Fragility Estimates for High-Rise Buildings with Outrigger Systems Under Seismic and Wind Loads

This paper proposes probabilistic demand models to assess fragilities for high-rise buildings with three types of outrigger systems under seismic and wind loads. Parameters of the structural model are determined based on the structural material and geometric conditions. Parameters of the excitation model are determined based on the hazard characterization that varies with the hazard type. This paper involves three types of hazards: high-frequency ground motions, near-fault ground motions, and stochastic wind loads. With the input information from the structural model and the excitation model, 3D finite element models are built and computed using ANSYS to obtain structural responses (output information). Based on a database with the input-output pair obtained, we formulate probabilistic demand models for high-rise buildings with three types of outrigger systems under three types of hazards.
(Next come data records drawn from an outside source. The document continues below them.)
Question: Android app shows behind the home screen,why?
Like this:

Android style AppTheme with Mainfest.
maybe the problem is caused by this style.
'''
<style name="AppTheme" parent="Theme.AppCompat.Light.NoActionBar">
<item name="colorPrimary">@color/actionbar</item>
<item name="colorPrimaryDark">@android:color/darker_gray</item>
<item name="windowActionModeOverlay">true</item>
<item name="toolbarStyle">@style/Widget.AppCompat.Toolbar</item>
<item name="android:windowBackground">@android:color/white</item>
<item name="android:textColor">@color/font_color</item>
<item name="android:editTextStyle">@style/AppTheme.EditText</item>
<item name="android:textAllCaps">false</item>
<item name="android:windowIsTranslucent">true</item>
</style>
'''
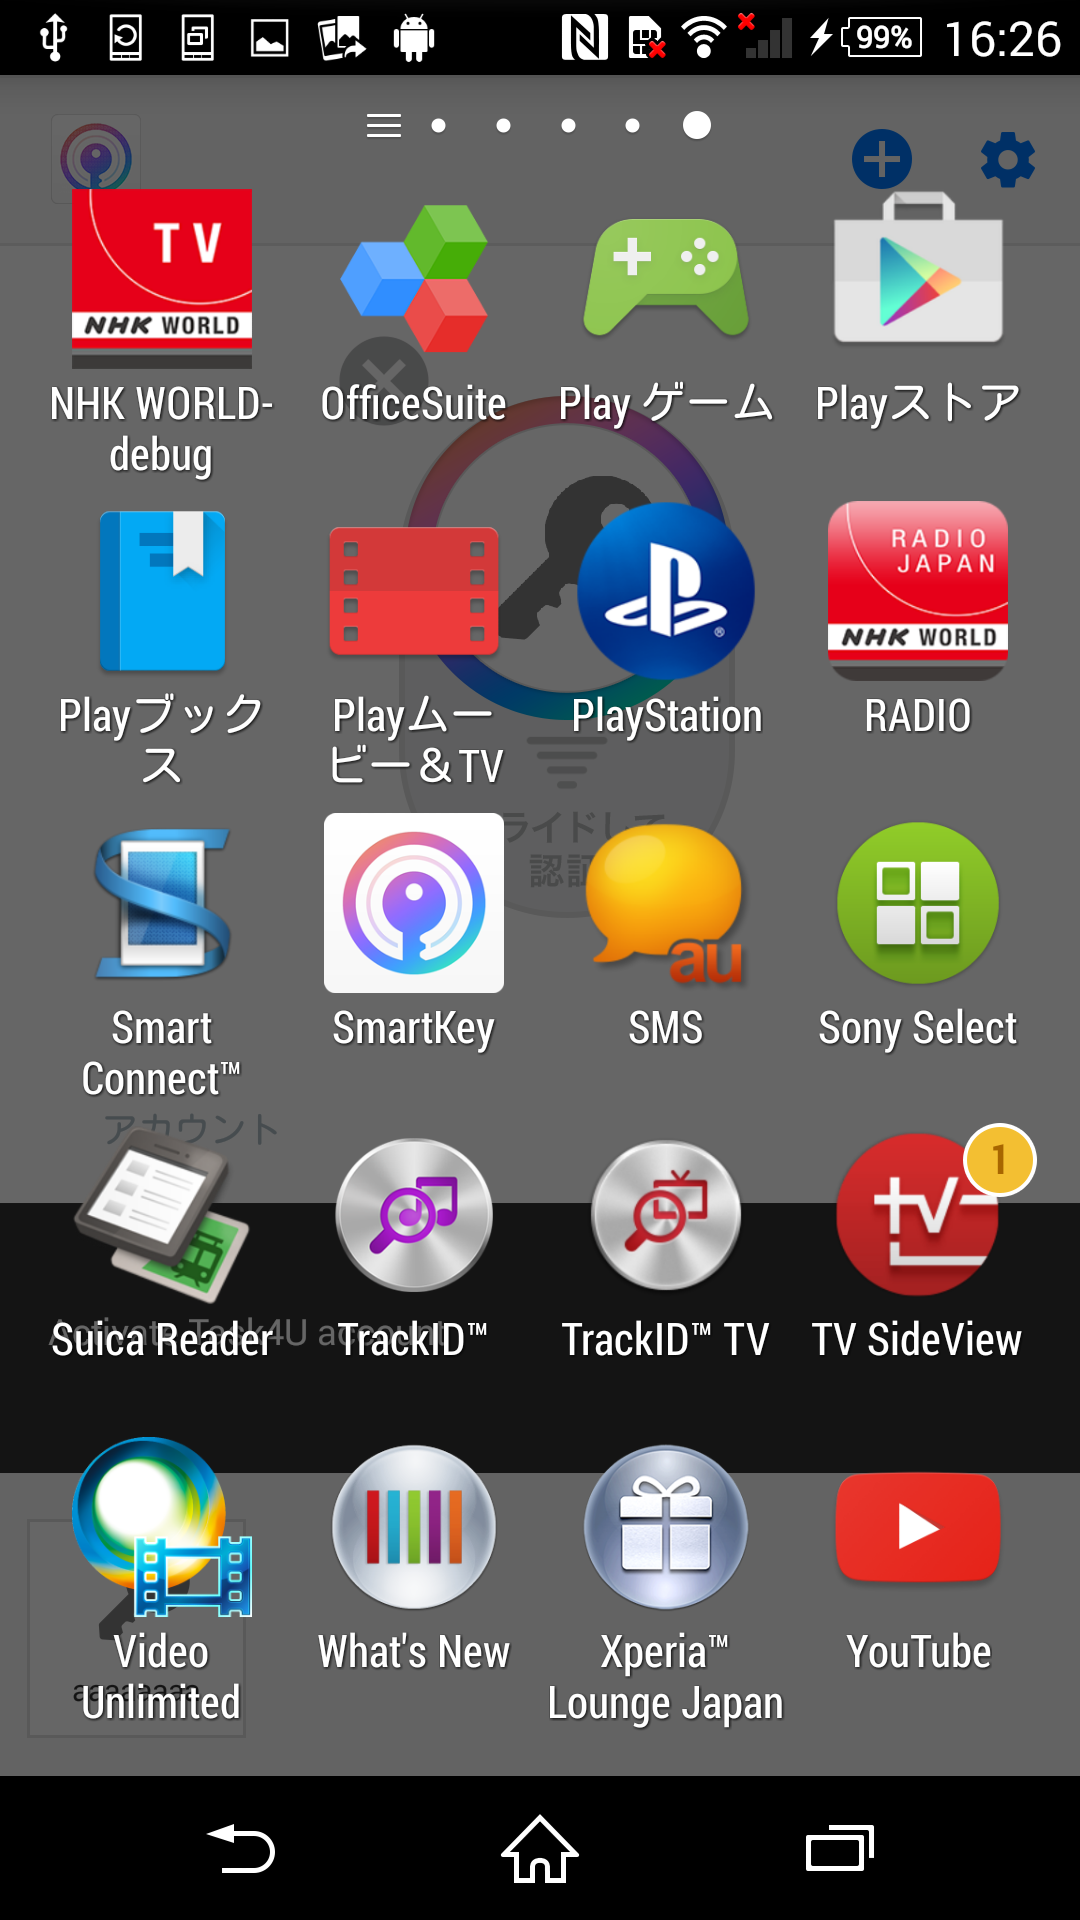
Answer: Remove This line from your style.
'''
<item name="android:windowIsTranslucent">true</item>
'''

These probabilistic models are proposed to estimate three response quantities of interest, the maximum inter-story drift, the maximum top acceleration, and the maximum top displacement. They, therefore, include univariate, bivariate, and tri-variate models. The probabilistic demand models account for both aleatory and epistemic uncertainties and provide unbiased estimates. With a direct and parsimonious formula, they have high accuracy and are extremely convenient to be used in practical engineering. They are finally used to formulate fragility estimates with bounds for an example high-rise building with three types of outrigger systems under three types of hazards. The results indicate that damped outrigger systems can effectively reduce fragilities for high-rise buildings under three types of hazards.